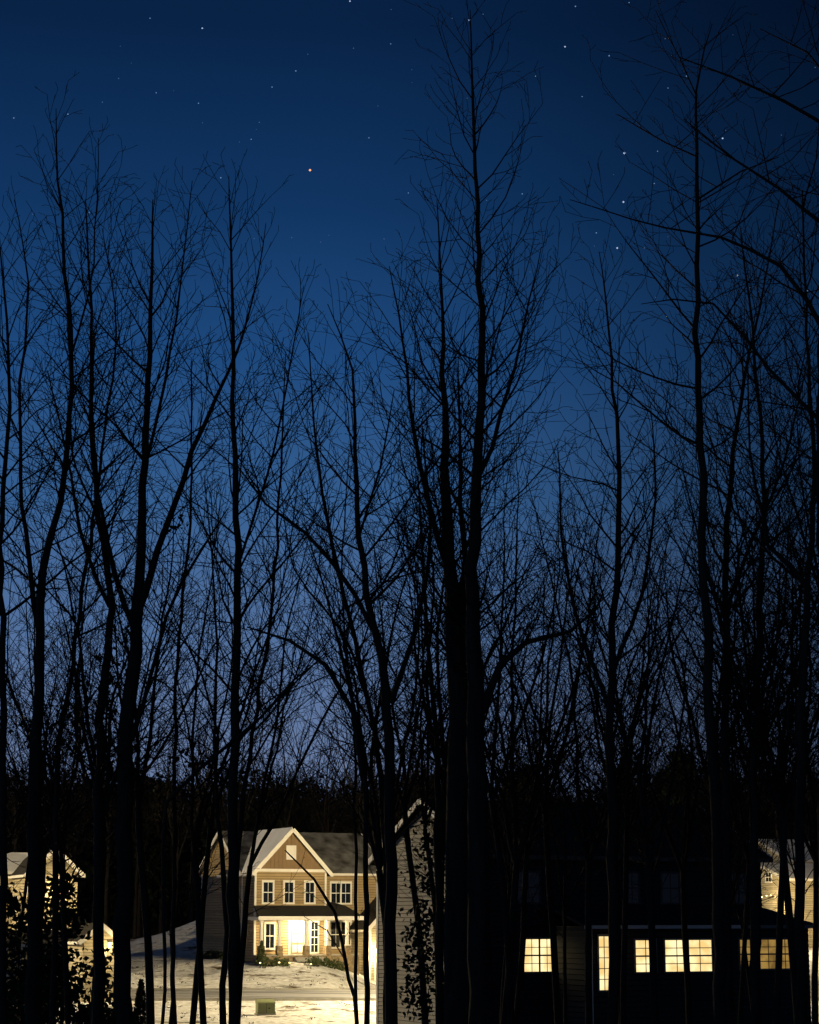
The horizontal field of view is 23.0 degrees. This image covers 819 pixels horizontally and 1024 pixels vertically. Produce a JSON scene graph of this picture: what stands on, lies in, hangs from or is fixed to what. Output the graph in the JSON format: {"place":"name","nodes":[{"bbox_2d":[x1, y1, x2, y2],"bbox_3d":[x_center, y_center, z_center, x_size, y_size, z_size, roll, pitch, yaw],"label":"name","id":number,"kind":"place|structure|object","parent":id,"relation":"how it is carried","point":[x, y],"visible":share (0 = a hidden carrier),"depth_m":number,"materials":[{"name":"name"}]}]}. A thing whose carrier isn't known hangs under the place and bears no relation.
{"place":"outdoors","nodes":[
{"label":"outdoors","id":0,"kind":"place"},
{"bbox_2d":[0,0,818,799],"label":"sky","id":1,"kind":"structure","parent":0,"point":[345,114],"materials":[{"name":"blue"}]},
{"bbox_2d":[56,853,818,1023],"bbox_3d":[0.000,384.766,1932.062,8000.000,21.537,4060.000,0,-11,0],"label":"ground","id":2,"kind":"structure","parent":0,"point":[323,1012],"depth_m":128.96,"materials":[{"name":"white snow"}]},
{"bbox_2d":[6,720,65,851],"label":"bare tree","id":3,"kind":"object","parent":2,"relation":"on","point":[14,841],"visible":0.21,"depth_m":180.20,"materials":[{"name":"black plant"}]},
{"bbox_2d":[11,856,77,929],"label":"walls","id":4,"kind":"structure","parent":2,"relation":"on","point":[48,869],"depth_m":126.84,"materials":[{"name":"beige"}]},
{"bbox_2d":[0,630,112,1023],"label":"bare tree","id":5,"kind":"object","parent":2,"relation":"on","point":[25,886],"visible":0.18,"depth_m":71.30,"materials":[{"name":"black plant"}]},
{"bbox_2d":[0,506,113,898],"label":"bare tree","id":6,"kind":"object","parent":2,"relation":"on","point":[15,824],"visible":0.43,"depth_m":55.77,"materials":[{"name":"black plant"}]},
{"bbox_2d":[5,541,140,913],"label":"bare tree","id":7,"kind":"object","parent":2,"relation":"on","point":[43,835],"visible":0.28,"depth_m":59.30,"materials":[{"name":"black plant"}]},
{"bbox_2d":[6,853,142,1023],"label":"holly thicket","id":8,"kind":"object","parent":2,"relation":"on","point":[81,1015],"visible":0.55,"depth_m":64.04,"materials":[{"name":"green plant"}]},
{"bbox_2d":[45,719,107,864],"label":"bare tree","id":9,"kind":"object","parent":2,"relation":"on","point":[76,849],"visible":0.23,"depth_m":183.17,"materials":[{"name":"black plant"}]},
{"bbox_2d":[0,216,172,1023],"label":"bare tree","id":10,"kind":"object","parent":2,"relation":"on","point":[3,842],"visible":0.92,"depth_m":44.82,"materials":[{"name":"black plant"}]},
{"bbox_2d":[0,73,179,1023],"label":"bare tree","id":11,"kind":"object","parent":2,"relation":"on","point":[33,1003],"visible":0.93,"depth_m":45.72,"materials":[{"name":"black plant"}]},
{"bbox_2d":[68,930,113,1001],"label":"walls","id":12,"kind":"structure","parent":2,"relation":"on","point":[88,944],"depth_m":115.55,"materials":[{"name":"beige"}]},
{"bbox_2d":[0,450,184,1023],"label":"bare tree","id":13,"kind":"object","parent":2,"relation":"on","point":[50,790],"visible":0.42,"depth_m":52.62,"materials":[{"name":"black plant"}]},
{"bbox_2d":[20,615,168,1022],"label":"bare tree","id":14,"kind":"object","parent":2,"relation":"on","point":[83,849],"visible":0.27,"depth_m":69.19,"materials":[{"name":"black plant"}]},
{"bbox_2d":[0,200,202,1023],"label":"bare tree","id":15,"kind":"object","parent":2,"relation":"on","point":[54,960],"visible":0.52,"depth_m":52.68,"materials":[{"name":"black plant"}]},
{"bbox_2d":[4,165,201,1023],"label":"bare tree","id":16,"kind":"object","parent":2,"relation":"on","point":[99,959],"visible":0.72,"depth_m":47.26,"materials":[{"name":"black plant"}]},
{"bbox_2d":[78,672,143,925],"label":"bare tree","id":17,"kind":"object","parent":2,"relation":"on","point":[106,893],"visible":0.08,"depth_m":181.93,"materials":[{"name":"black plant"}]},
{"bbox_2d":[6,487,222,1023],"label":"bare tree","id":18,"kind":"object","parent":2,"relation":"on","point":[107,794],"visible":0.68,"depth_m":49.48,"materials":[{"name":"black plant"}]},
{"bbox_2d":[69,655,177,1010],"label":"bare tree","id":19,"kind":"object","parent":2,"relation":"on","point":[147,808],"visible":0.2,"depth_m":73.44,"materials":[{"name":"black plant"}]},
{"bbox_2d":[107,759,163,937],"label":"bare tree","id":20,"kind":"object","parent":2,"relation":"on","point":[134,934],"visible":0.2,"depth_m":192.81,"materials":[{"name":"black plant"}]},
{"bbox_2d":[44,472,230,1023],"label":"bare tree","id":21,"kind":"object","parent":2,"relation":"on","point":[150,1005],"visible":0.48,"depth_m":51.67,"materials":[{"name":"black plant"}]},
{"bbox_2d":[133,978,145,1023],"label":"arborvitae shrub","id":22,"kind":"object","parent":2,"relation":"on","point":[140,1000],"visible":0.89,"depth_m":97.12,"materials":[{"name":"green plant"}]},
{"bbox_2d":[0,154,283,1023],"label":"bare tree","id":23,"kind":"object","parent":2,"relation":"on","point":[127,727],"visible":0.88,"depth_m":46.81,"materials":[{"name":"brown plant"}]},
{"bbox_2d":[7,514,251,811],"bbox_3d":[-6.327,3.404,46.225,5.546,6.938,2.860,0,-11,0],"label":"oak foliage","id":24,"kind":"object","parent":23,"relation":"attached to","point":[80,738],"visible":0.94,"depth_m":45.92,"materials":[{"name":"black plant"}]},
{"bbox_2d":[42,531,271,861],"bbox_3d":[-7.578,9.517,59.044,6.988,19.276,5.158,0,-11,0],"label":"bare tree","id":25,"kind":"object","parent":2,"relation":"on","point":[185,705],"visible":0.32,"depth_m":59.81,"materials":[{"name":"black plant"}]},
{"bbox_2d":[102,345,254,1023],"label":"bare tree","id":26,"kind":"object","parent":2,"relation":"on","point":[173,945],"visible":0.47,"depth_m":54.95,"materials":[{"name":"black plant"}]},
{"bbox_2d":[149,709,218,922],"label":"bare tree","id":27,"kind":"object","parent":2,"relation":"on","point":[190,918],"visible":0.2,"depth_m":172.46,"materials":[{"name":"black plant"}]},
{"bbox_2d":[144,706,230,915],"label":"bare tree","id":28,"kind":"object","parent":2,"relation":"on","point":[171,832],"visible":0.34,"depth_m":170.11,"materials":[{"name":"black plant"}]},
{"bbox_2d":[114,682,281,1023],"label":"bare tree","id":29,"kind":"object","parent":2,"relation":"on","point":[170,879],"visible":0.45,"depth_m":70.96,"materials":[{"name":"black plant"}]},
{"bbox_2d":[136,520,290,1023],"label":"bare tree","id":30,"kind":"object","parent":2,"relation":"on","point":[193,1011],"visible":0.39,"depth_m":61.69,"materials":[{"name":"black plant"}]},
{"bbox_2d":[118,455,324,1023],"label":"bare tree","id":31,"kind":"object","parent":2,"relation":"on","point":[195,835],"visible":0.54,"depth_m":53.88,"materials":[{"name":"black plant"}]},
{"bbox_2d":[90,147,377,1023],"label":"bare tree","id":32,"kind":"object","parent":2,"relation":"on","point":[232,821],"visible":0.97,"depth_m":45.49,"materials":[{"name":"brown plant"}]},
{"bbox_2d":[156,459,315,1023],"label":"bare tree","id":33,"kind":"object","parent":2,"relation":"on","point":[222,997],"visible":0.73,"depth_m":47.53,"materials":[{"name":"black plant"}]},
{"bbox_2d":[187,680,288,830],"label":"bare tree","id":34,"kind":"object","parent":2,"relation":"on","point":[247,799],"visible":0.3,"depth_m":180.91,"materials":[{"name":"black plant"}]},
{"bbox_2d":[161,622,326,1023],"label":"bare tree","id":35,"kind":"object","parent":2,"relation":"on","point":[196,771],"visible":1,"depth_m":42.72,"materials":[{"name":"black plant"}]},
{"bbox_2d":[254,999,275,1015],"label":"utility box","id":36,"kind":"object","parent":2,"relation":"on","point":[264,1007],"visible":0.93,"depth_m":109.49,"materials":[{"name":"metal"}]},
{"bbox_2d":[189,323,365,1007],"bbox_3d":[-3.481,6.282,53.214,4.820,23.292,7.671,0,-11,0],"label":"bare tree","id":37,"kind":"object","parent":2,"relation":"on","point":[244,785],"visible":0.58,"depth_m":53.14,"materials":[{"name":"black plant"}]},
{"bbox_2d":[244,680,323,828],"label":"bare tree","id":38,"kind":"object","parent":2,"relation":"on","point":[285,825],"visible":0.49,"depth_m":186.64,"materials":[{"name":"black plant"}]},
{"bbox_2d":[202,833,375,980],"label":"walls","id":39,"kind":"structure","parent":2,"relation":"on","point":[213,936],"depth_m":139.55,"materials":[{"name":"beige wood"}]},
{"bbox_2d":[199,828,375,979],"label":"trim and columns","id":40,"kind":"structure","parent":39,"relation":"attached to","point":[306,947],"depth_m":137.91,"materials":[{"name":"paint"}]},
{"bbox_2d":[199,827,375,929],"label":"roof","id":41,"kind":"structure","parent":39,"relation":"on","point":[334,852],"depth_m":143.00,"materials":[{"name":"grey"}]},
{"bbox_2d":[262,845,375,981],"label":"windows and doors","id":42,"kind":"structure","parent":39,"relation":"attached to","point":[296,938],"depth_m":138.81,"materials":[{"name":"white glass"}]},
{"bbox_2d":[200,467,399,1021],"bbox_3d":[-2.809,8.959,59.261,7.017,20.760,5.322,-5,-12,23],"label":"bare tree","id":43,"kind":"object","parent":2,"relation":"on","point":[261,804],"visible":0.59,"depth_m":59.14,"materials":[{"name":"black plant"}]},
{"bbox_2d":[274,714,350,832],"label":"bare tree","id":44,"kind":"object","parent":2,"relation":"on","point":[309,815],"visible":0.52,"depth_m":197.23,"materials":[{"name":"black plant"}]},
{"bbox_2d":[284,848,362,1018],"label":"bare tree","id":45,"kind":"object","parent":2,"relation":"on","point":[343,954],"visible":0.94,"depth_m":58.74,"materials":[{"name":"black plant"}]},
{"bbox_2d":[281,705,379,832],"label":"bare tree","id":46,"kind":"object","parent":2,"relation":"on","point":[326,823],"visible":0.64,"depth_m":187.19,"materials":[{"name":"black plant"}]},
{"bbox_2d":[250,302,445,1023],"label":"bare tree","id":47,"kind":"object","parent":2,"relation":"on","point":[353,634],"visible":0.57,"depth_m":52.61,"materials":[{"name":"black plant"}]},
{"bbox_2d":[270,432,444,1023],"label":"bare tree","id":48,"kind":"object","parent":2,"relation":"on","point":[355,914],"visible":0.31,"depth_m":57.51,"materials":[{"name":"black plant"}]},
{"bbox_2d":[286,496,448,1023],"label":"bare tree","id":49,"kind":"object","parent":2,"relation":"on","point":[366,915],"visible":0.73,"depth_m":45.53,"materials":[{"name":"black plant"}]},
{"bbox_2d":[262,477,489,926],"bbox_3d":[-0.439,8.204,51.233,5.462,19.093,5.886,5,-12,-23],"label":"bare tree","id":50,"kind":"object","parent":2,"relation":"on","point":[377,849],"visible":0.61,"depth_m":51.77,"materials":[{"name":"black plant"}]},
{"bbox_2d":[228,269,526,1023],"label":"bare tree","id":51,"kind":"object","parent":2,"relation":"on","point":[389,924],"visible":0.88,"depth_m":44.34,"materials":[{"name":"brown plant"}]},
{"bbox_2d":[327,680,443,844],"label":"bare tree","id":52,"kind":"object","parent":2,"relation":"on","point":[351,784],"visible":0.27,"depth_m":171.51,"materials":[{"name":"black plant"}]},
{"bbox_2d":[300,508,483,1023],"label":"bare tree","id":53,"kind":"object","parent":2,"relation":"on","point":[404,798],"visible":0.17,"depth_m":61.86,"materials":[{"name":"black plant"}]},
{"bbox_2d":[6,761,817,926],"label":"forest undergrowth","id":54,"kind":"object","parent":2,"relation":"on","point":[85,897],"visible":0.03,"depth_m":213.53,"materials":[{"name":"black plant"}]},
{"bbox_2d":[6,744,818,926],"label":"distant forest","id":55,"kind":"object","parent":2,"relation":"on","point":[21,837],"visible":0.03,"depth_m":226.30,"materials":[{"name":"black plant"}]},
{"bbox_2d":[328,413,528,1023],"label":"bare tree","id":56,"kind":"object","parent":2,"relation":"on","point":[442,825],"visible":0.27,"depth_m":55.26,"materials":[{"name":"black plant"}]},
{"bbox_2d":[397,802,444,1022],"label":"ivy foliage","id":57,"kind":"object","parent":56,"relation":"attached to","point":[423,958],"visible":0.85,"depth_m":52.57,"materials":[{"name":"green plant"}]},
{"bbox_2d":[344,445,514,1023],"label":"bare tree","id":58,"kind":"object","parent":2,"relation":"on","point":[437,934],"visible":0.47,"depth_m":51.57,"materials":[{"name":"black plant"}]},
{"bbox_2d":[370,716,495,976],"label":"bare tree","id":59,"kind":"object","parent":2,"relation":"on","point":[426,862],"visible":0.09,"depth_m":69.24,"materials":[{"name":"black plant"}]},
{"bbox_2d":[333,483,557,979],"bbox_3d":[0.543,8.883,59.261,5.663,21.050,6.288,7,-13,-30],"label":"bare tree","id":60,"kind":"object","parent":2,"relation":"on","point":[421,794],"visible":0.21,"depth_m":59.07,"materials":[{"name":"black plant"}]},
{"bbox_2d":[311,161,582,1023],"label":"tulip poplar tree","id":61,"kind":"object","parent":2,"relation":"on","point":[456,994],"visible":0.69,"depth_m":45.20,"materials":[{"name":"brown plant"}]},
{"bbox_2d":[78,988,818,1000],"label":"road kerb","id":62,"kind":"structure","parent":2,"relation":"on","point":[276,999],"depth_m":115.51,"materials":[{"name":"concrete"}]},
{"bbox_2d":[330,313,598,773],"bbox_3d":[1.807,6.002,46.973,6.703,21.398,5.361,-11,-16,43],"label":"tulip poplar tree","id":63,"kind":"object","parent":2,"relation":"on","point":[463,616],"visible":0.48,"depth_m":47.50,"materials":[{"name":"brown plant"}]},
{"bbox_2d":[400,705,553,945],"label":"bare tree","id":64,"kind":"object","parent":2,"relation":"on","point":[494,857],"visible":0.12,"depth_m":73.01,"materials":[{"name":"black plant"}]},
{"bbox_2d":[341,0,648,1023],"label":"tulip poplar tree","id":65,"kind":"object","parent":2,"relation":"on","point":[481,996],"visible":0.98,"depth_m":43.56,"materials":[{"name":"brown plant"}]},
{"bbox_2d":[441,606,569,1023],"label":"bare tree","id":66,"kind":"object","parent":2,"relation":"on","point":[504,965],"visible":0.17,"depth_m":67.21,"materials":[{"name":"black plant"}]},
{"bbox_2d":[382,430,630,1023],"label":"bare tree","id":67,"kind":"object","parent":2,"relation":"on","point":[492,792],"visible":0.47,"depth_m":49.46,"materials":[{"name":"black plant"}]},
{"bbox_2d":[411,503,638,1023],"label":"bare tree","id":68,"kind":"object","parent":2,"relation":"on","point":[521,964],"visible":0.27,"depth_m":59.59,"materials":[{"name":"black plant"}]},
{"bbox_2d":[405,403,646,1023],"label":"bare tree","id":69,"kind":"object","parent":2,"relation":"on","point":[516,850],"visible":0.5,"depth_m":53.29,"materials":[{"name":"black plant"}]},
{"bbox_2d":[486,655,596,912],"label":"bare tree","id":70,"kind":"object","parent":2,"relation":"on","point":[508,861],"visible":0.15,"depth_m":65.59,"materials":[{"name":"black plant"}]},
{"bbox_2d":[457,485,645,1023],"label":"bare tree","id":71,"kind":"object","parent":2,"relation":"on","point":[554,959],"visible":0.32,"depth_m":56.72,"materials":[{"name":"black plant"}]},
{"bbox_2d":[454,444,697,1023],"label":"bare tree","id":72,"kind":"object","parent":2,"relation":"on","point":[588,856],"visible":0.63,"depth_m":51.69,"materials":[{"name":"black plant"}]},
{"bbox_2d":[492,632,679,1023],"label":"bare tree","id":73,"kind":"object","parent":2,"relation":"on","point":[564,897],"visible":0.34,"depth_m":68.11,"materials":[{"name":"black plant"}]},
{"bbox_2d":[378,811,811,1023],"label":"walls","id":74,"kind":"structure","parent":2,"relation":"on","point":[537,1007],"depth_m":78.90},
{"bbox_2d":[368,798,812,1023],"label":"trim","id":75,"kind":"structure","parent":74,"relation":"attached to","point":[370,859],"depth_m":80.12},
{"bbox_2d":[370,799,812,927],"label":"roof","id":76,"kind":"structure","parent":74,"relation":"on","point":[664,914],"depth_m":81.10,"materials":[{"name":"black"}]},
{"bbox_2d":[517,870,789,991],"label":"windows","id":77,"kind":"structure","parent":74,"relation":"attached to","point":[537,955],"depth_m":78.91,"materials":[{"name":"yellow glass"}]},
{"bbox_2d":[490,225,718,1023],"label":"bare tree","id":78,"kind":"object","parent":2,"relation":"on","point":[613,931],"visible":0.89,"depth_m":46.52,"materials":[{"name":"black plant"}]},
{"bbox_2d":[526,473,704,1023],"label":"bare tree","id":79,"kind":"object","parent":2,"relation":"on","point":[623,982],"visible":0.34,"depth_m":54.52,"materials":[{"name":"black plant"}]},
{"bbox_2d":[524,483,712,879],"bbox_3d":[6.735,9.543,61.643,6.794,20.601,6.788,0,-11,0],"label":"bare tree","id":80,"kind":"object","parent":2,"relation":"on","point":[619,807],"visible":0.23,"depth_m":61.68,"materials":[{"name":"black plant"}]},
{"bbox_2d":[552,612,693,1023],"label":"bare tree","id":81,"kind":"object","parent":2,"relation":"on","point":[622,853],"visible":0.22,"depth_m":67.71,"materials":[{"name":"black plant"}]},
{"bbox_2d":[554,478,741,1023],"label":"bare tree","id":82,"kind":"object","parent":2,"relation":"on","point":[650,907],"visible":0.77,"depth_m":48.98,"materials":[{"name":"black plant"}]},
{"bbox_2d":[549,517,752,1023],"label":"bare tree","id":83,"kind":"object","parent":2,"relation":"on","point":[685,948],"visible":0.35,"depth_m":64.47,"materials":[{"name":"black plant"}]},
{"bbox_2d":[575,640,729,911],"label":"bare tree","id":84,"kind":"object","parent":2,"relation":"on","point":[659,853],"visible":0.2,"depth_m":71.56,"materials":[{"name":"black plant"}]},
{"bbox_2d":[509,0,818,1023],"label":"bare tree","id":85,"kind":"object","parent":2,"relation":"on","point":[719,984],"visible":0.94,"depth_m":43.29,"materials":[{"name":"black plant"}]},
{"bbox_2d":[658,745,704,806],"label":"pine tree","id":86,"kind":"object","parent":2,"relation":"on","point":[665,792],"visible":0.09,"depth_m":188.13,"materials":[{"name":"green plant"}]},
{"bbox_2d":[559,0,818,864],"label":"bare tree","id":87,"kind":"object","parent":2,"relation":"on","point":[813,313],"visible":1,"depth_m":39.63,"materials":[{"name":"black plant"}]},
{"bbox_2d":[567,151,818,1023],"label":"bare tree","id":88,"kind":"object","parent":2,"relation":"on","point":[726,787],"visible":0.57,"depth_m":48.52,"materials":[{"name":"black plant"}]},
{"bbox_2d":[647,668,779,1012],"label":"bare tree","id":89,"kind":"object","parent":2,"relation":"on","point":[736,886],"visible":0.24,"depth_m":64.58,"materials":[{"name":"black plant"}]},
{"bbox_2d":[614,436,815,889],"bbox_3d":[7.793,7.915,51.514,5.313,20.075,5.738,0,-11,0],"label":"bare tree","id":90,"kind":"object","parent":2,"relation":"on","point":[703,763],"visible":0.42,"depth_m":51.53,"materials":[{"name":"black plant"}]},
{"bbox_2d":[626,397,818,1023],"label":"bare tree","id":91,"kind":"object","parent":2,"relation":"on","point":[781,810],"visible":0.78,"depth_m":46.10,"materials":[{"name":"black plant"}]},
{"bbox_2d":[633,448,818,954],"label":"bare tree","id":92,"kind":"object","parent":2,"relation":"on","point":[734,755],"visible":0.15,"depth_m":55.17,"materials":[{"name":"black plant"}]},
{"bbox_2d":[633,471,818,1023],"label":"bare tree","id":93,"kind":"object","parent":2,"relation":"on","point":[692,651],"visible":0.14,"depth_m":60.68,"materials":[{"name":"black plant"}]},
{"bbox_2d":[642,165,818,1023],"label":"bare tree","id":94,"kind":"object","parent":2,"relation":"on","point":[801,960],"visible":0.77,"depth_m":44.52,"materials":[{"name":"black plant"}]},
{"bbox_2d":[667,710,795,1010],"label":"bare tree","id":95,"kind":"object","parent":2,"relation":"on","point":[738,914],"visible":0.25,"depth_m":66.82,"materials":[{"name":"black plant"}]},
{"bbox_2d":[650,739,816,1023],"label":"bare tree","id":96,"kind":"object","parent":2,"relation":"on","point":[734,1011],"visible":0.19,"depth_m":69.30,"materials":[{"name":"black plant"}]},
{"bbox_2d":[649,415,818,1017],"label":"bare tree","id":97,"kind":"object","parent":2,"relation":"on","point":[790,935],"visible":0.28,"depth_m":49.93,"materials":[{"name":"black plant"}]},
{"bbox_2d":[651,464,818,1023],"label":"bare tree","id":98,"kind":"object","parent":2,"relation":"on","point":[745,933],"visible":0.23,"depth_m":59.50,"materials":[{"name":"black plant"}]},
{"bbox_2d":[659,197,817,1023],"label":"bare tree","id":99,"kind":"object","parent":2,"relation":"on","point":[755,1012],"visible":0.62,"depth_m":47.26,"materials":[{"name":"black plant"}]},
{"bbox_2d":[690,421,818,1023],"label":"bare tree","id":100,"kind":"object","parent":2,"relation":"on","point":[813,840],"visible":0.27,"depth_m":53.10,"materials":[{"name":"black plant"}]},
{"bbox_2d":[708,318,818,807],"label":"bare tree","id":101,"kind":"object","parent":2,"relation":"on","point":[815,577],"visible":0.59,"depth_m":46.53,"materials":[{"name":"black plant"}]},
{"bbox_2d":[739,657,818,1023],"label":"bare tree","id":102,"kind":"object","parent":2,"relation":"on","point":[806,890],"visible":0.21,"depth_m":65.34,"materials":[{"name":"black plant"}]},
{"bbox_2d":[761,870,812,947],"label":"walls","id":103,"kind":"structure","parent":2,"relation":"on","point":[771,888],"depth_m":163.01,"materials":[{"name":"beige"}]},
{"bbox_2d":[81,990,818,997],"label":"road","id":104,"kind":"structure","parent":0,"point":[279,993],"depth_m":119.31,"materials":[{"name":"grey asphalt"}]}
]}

(Work required):
Take every line from the records above that has the word "windows" and copy it.

(Reply to the exercise):
{"bbox_2d":[262,845,375,981],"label":"windows and doors","id":42,"kind":"structure","parent":39,"relation":"attached to","point":[296,938],"depth_m":138.81,"materials":[{"name":"white glass"}]},
{"bbox_2d":[517,870,789,991],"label":"windows","id":77,"kind":"structure","parent":74,"relation":"attached to","point":[537,955],"depth_m":78.91,"materials":[{"name":"yellow glass"}]},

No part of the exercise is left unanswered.